Au-delà de la simple présentation du document, cet atelier s’inscrit dans une logique d’action et d’influence. Il a été structuré en deux temps forts, combinant une phase de validation collective de l’argumentaire et une phase de plaidoyer direct auprès des responsables des programmes nationaux et du CCM.

La matinée a été consacrée à la validation collective de l’argumentaire, une étape essentielle pour garantir la pertinence et la légitimité du document. Les membres du RVE-Togo ainsi que les parties prenantes invitées ont été appelés à examiner en détail le contenu élaboré par le consultant, à formuler des observations et à proposer des amendements. Cette démarche a permis d’enrichir le document, de consolider ses fondements et d’aboutir à son adoption officielle comme outil de plaidoyer du réseau.
Au cours de cette session, un accent particulier a été mis sur la définition de messages clés à porter auprès des décideurs. Il s’agissait notamment de structurer un discours commun, cohérent et percutant, capable de traduire efficacement les réalités vécues par les femmes et les filles en recommandations concrètes pour les politiques publiques de santé.
L’après-midi a marqué le passage à la phase de plaidoyer face au représentant du ministère de la Santé, aux responsables des programmes nationaux de lutte contre le VIH/Sida (PNLS), la tuberculose (PNLT) et le paludisme (PNLP), ainsi qu’aux représentants du CCM. La session a permis au RVE-Togo de défendre ses priorités.

« Nous avons également formulé une demande auprès du CCM pour la création d’une cellule genre en son sein, car aujourd’hui, les organisations féminines ne sont pas suffisamment intégrées dans les mécanismes de décision », a indiqué Honorine HONKOU.
Les propositions formulées devraient ainsi être affinées et intégrées aux prochaines phases de négociation, avec l’ambition de peser concrètement sur les orientations du futur Plan Stratégique National.
Présent à l’atelier en qualité de représentant du ministère de la Santé, Isidore Basile Takpa a salué l’initiative du RVE-Togo, qu’il juge à la fois pertinente et légitime. Il a également mis en avant la qualité du document de plaidoyer élaboré par le réseau, estimant qu’il met en lumière des préoccupations fondées et en adéquation avec les réalités du terrain.
« Lorsqu’on aborde la question des femmes, il est essentiel de prendre en compte leurs besoins spécifiques. Le RVE-Togo a su, à travers ce document, identifier et structurer ces besoins en fonction des différentes pathologies, qu’il s’agisse du VIH, de la tuberculose ou du paludisme. Au niveau du ministère de la Santé, plusieurs actions stratégiques sont déjà en cours dans ces domaines et se poursuivent. Nous attendons la transmission officielle du document afin que l’autorité compétente puisse l’examiner et en tirer les décisions appropriées », a-t-il déclaré.

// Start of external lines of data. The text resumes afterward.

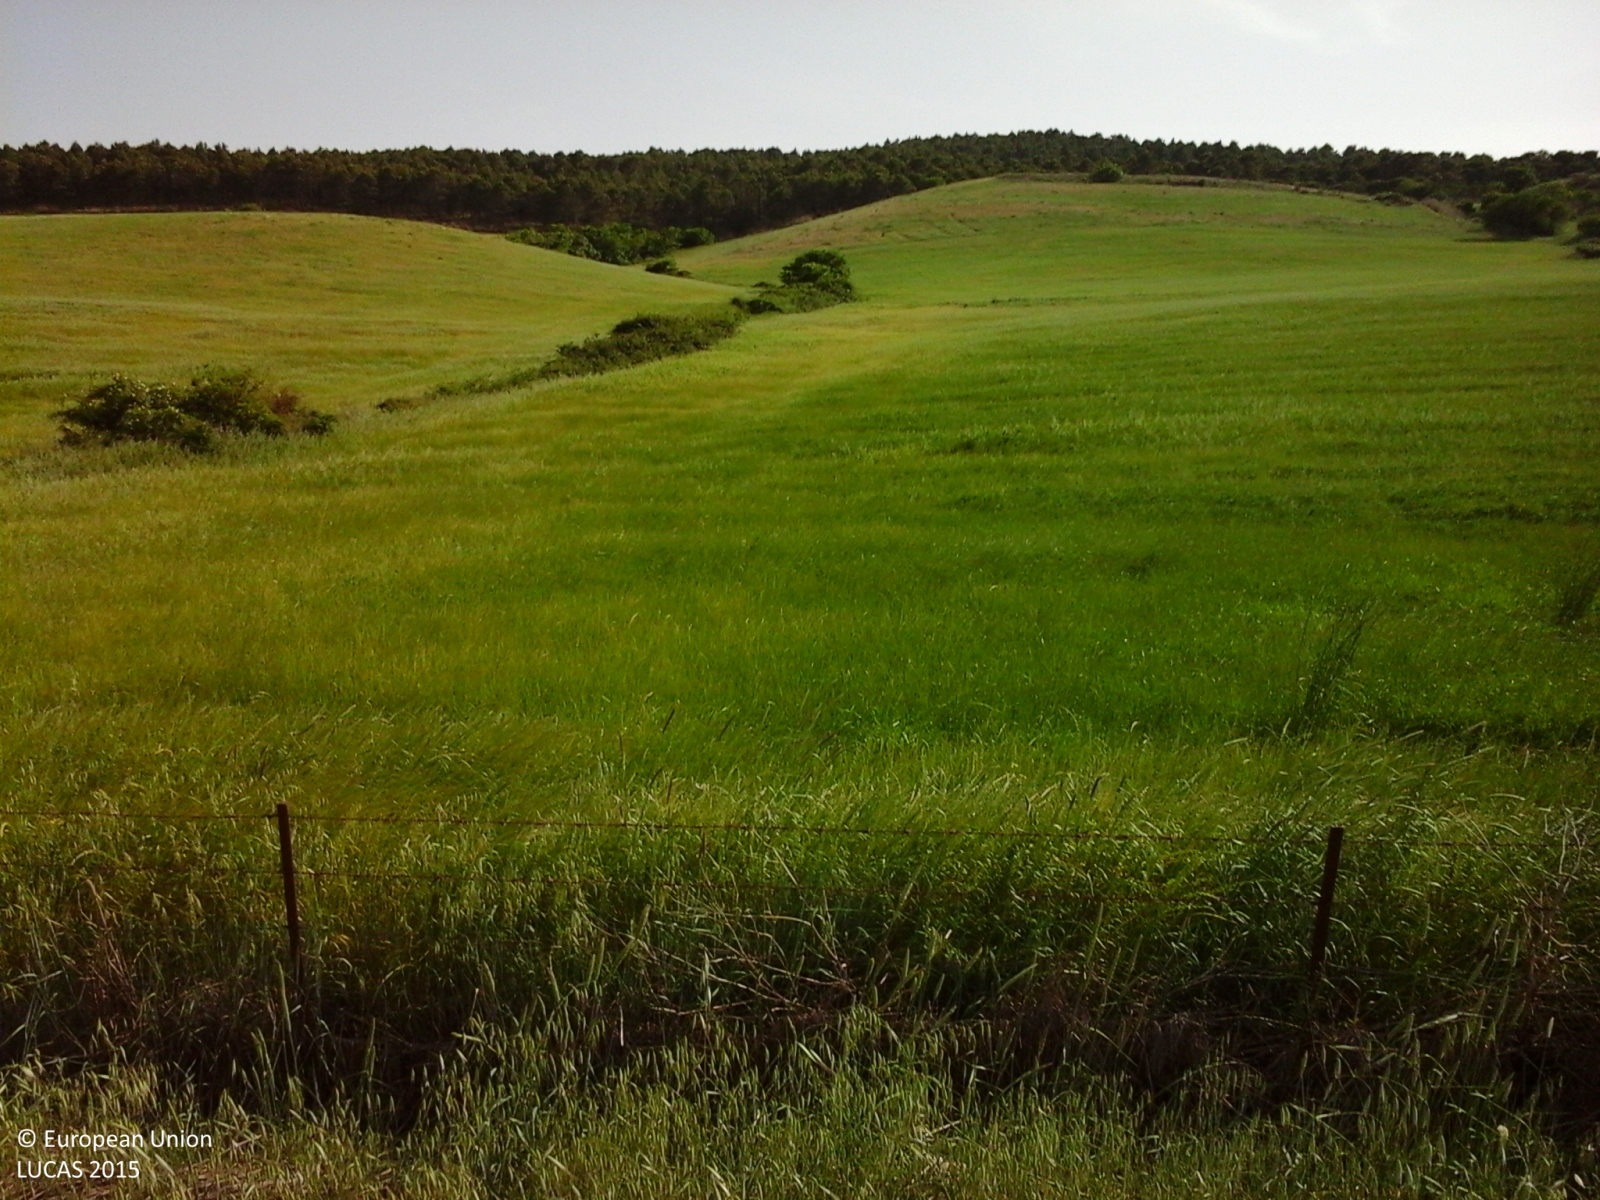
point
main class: Cropland
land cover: Mixed cereals for fodder
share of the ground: > 75 %
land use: Agriculture (excluding fallow land and kitchen gardens)
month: May
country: IT
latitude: 37.6452
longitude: 13.5437
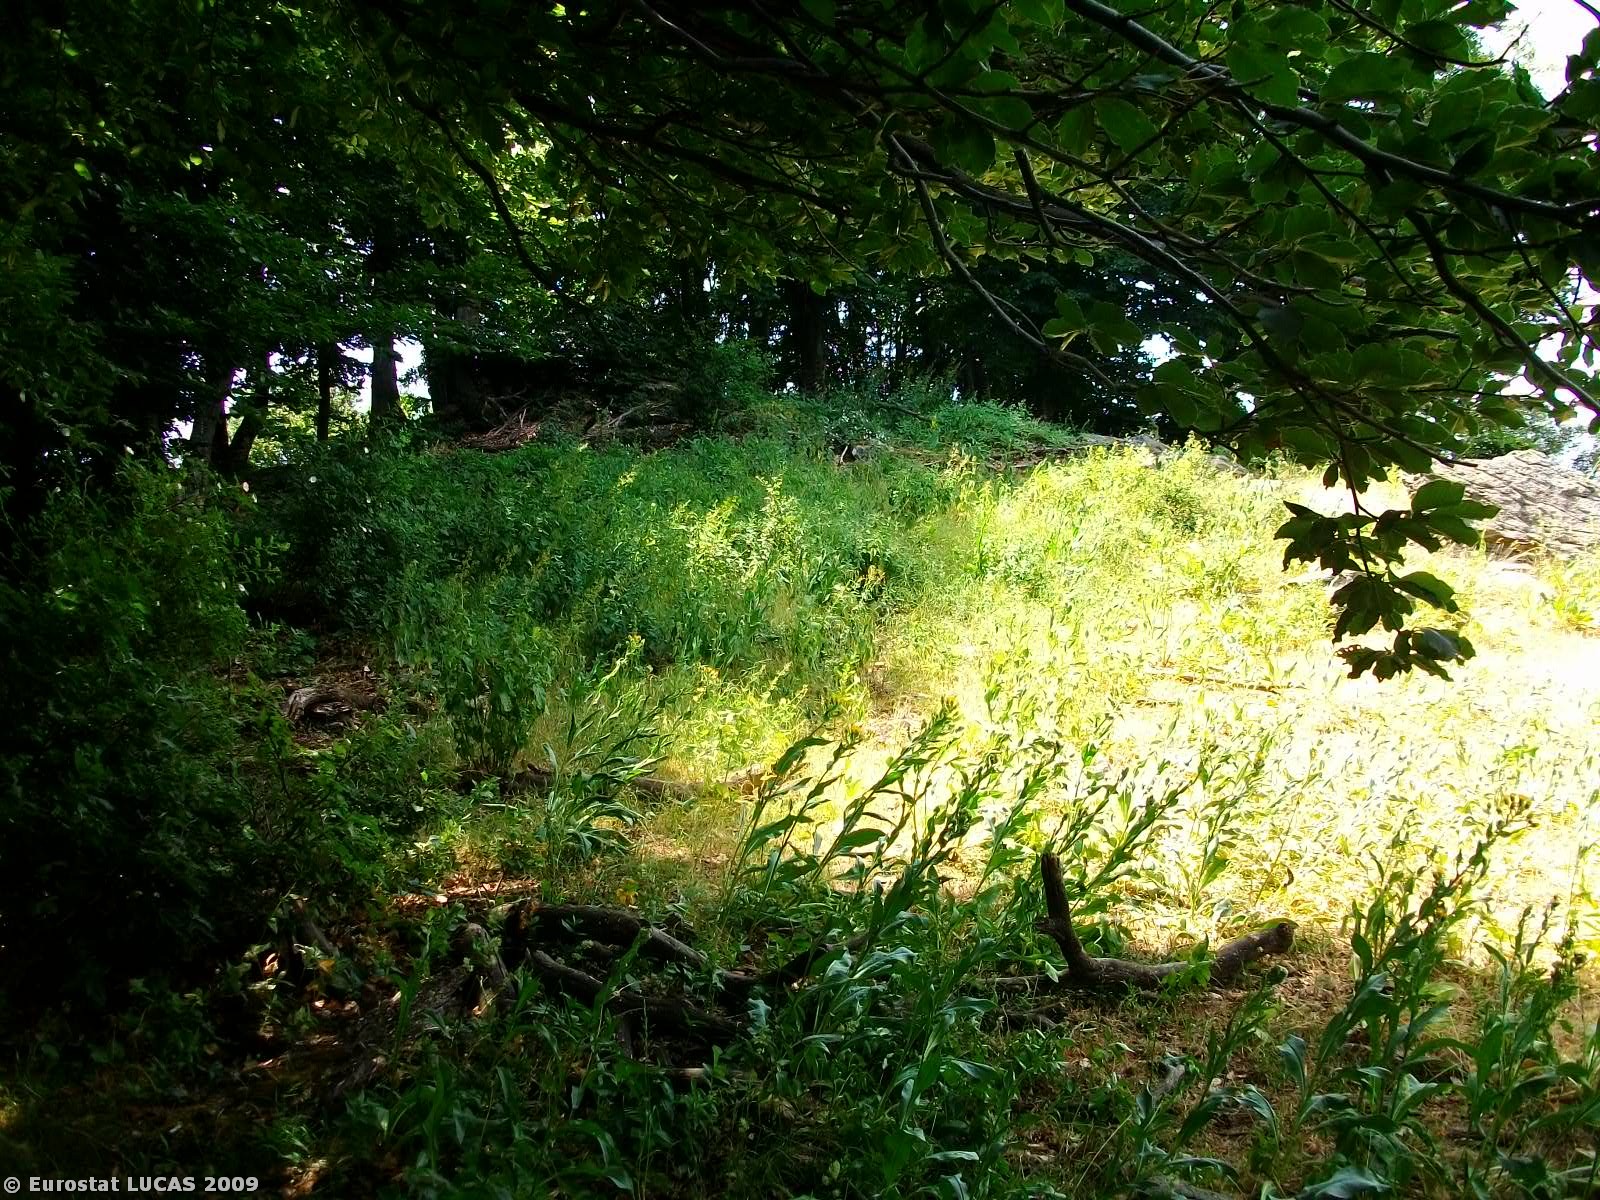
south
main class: Woodland
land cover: Broadleaved woodland
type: mountainous beech forest
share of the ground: 50 - 75 %
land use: Forestry
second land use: Agriculture (excluding fallow land and kitchen gardens)
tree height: > 5 m
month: June
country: GR
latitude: 41.1579
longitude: 25.8499

Officiellement lancé en décembre 2025, le RVE-Togo regroupe dix organisations féminines engagées dans la promotion de la santé et des droits des femmes et des filles au Togo. Porté par Speak Up Africa à travers l’initiative Voix EssentiELLES, en partenariat avec le Fonds Mondial, il est accompagné dans ses démarches institutionnelles par la Coordination des Organisations Féminines du Togo (COFET), qui en assure le secrétariat.